3.4. Off-Design Results

For a typical pure-solar application, the MGT operates at a constant TIT (at the highest allowable level) to maximise the overall efficiency of the plant. It should be noted that here, the TIT has been limited due to material limitation of the receiver rather than the turbine material. In case of OMSoP plant this limit was estimated to 1073 K. To achieve a constant TIT, it is necessary to operate at variable mass flow rate and consequently variable rotational speed. For lower DNIs it would not be possible to achieve the highest allowable TIT, which means that the MGT will operate at lower efficiency. Moreover, the power output for these operating points is relatively low, as is their occurrence frequency as shown in Figure 13. As such, a minimum output power of the plant was fixed to 2000 W and points with lower power output were not considered. It should be emphasised that considering any power below this level would neither change the annual produced electricity significantly nor the levelised cost of electricity.
The results of the present model have been compared with the results from IPSEpro where the same component characteristic maps and operational strategy were considered. This comparison was aimed to verify the component matching procedure adopted for the present model. The results in Figure 13 demonstrate good accuracy for the whole range of operation. The discrepancy in the results is due to the setup in IPSEpro where the TIT is limited not to a single value, 1073 K in this case, but to a range with a minimum tolerance of 1 K. Thus, while the desirable TIT is set to 1073 K in the present model this parameter was set to 1073 ± 1 K in the IPSEpro model.

3.5. Cost Analysis

The annual electricity generation and the levelised cost of electricity have been calculated using the components’ characteristic maps and the plant overall performance parameters. The analysis has been carried out considering the DNI frequencies in Figure 13 based on hourly average values of Rome in the period between 2004 and 2005. The overall energy produced by the plant is 10,682 kWh.
Figure 14 and Figure 15 shows the breakdown of the overall energy produced along the year by each DNI level and, not surprisingly, the electricity is mostly produced during the high sun irradiance period in the range between 650 and 850 W/m2.
The cost functions described previously have been used to estimate the cost of the plant and cost of producing electricity. Figure 15 shows the plant cost breakdown for different components of the plant. The capital cost has been estimated to be EUR 27,051 and, consequently, the specific cost of the plant, defined as the ratio between the cost of components and output power in design condition, has been estimated to be around EUR 3980/kWel. As can be seen in Figure 14, the most costly component is the dish, representing 63.5% of the overall cost, while the MGT represents 18.3% of the overall cost. Results from the LCOE analysis demonstrate a levelised cost of electricity of EUR 22.81/kWh considering a lifetime of the plant of 25 years.

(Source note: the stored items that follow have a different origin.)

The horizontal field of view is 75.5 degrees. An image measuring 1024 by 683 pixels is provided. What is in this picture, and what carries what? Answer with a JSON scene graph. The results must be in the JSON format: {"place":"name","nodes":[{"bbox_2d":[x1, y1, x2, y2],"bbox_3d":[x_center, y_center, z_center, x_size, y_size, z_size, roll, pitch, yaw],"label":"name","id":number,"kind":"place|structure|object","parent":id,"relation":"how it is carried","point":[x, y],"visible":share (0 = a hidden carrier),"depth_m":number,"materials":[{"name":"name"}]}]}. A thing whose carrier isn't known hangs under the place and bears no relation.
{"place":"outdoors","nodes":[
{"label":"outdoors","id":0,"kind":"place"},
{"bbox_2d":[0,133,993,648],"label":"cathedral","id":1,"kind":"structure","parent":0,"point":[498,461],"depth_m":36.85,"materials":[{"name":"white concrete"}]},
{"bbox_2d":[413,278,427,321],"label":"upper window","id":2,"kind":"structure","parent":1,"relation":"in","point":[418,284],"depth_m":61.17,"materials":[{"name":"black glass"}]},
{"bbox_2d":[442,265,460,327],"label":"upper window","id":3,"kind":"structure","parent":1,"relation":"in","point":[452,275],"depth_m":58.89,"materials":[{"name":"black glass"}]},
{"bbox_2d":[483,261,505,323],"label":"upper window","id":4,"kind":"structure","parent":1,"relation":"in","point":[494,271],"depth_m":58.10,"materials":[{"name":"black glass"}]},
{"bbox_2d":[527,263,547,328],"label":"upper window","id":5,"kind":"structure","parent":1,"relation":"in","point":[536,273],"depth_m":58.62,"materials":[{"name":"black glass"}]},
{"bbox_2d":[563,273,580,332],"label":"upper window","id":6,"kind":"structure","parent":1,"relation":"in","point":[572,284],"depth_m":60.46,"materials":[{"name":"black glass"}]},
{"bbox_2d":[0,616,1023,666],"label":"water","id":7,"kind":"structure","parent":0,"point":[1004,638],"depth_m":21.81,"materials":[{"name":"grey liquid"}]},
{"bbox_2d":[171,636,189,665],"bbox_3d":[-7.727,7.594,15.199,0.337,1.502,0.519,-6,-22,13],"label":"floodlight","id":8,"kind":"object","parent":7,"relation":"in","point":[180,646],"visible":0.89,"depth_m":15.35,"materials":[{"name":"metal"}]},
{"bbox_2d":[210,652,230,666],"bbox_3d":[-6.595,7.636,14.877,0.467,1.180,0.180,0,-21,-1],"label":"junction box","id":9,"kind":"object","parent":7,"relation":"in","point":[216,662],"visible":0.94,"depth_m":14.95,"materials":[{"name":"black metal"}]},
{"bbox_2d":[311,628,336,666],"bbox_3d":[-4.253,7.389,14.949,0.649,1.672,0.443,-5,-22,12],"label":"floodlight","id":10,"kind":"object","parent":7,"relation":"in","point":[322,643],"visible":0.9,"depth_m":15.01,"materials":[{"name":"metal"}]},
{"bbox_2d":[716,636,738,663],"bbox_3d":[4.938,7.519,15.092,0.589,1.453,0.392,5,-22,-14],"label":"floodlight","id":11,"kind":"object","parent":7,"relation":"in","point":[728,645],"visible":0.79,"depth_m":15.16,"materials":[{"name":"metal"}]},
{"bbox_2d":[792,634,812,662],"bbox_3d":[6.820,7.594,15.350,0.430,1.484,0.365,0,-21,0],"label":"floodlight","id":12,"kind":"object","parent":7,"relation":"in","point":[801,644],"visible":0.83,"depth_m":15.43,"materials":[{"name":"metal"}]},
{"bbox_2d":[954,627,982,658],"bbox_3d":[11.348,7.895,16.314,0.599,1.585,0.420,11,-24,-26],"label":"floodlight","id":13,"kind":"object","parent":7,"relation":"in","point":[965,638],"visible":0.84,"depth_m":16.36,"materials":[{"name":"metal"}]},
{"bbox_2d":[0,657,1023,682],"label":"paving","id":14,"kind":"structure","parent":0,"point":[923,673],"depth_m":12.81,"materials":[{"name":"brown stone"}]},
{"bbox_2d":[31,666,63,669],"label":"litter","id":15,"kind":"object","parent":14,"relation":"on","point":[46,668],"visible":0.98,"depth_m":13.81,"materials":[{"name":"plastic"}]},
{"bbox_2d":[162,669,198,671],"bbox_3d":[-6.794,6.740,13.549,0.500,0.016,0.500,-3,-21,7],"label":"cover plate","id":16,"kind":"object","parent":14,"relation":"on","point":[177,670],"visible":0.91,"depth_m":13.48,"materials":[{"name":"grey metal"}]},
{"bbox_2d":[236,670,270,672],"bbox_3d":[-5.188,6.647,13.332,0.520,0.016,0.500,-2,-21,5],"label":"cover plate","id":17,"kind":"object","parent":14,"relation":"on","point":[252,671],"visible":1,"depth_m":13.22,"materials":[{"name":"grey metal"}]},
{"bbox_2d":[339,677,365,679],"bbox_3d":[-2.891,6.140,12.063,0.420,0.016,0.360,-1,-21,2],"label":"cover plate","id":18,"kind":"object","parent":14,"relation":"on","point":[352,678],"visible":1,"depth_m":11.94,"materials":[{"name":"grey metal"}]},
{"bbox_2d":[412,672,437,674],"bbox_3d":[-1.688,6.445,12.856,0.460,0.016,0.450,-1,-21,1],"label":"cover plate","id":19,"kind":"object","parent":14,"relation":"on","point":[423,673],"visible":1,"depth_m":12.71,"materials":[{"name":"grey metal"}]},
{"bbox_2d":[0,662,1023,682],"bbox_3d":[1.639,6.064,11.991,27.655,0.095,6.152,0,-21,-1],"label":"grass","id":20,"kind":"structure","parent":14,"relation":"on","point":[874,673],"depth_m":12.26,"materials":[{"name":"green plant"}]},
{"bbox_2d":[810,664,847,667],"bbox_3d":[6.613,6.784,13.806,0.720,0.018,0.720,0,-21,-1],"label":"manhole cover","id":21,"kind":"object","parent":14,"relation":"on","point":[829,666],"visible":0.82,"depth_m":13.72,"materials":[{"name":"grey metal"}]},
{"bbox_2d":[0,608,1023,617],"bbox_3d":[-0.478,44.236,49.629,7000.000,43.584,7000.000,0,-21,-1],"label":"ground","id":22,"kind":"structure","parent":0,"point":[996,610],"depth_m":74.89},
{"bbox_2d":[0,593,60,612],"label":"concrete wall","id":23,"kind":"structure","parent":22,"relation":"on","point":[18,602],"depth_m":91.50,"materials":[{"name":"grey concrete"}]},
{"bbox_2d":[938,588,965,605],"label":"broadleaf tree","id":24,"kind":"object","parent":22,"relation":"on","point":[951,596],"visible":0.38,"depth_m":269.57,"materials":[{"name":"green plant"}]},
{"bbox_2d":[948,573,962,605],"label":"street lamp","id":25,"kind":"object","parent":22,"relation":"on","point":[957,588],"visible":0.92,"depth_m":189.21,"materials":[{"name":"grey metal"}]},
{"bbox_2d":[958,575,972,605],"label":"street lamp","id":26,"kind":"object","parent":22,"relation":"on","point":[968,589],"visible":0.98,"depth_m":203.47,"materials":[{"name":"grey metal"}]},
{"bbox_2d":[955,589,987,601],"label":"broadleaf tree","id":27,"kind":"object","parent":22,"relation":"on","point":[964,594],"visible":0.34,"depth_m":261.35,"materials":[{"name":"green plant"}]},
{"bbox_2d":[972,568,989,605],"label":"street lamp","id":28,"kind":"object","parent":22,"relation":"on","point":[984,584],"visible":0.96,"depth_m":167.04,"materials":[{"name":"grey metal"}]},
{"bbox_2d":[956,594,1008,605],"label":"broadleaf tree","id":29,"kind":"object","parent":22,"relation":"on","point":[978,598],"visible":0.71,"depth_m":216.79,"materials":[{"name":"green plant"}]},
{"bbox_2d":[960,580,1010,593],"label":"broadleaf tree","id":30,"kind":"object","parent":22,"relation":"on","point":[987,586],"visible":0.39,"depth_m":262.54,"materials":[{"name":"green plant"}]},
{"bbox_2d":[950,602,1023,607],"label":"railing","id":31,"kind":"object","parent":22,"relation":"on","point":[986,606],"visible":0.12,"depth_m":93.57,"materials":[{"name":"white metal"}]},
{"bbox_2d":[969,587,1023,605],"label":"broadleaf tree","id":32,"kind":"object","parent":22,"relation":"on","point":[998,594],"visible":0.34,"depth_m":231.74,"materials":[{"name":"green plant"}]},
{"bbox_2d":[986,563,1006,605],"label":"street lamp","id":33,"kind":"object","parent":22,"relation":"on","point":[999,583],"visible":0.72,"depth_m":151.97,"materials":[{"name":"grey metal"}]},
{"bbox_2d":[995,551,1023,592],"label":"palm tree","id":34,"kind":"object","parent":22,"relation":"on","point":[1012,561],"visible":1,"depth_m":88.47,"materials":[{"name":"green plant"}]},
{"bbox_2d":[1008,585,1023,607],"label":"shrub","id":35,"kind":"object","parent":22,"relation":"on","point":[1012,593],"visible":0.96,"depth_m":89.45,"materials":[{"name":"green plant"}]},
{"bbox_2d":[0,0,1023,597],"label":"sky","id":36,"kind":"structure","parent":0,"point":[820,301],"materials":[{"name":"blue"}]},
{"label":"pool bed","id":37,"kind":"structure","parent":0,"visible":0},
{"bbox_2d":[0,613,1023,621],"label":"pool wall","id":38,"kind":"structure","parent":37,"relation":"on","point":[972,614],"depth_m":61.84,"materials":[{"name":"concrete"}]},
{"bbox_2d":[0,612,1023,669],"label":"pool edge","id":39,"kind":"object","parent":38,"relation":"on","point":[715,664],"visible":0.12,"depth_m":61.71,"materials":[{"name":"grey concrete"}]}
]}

3.6. Plant Size Optimsation

The analysis discussed above was repeated for different plant design parameters to optimise the plant size in order to achieve minimum LCOE while maximising the annual electrical production. Rome was selected as location site, characterised by DNI levels and frequencies already shown in Figure 12. For each given DNI an off-design performance analysis was carried out considering constant TIT as operational strategy. The overall energy produced during the year was then calculated together with the levelised cost of electricity. As discussed previously, the most costly component of the plant is the dish and its size is directly proportional to the mass flow rate for a given TIT. On the other hand, the mass flow rate is the main parameter influencing the power output of the plant and, subsequently, the annual electricity generation. For this reason, the mass flow rate was chosen as the optimisation variable, while pressure ratio and TIT were kept constant and equal to 3 and 1073 K, respectively. The design space of the optimisation variable is limited to the values 0.07–0.16 kg/s. These limits have been evaluated to keep the compressor efficiency as high as possible by limiting the compressor specific speed to its optimum value. At both ends of this range, the compressor efficiency drops significantly.
Figure 16 shows the results of the optimisation. The performances of the plant considering dissimilar plant design mass flow rates have been compared in term of levelised cost of energy and annual energy produced. As shown in Figure 16a, results of the optimisation demonstrate a minimum LCOE of 21.5 [EUR/kWh] for a design point mass flow rate of about 0.11 kg/s. This corresponds to an overall cost of the plant around EUR 32,600, with a dish diameter of 9.4 m and an annual electricity production of 13,700 [kWh]. As expected, the annual energy production increases with the mass flow rate as has been shown in Figure 16b. As shown in Figure 17, the range of DNIs, in which the plant produces more than 2 kWe, is getting wider with an increase of the mass flow rate. Nevertheless, the dish size and, consequently, the overall cost is proportional to the mass flow rate; the right trade-off between annual energy production and levelised cost of electricity should be decided based on particular power demand for each application. Figure 17 highlights that for the whole range of mass flow rates the majority of the annual energy produced still occurs in the range between 650 and 850 [W/m2K].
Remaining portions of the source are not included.